- Problem to solve:
Scan the entries below for the word "rock" and copy every line in which it occurs.

Data excerpts
****************************************
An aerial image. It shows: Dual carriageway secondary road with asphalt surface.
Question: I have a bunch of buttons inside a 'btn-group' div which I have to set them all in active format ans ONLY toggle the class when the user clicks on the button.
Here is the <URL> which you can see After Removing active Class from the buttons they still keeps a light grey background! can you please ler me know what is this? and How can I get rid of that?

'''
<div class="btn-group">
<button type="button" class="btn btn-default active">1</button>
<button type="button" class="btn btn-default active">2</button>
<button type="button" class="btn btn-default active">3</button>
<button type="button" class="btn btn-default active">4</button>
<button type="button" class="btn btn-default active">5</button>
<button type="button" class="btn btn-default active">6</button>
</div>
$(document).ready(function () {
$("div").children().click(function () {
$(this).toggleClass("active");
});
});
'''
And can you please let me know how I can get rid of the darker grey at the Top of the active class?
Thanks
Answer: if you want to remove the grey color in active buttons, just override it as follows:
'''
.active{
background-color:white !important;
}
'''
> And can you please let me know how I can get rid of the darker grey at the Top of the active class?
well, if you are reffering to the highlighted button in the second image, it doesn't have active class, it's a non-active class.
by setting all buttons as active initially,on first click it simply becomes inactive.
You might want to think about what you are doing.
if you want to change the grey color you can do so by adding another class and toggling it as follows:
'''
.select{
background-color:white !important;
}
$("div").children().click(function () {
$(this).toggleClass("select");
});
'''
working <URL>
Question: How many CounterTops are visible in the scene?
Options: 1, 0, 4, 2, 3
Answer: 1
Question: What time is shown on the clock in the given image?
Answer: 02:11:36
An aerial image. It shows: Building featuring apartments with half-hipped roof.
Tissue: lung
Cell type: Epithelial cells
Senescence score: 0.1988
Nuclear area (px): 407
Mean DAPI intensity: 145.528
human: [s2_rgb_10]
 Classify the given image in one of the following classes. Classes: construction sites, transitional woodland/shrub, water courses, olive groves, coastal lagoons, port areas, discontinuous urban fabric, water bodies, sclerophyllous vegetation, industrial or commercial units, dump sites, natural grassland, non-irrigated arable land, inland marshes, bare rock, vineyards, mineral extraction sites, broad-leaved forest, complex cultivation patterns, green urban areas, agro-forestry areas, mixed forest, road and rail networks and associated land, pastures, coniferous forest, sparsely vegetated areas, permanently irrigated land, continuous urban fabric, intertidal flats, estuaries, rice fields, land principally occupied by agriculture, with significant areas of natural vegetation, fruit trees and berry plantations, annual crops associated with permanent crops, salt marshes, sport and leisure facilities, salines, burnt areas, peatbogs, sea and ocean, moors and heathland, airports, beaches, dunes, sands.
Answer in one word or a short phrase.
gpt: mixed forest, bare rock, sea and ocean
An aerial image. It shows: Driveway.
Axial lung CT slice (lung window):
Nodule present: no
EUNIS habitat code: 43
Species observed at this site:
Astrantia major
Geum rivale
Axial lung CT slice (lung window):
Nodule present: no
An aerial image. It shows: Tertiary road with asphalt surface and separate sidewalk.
****************************************
- Reply to the exercise:
 Classify the given image in one of the following classes. Classes: construction sites, transitional woodland/shrub, water courses, olive groves, coastal lagoons, port areas, discontinuous urban fabric, water bodies, sclerophyllous vegetation, industrial or commercial units, dump sites, natural grassland, non-irrigated arable land, inland marshes, bare rock, vineyards, mineral extraction sites, broad-leaved forest, complex cultivation patterns, green urban areas, agro-forestry areas, mixed forest, road and rail networks and associated land, pastures, coniferous forest, sparsely vegetated areas, permanently irrigated land, continuous urban fabric, intertidal flats, estuaries, rice fields, land principally occupied by agriculture, with significant areas of natural vegetation, fruit trees and berry plantations, annual crops associated with permanent crops, salt marshes, sport and leisure facilities, salines, burnt areas, peatbogs, sea and ocean, moors and heathland, airports, beaches, dunes, sands.
gpt: mixed forest, bare rock, sea and ocean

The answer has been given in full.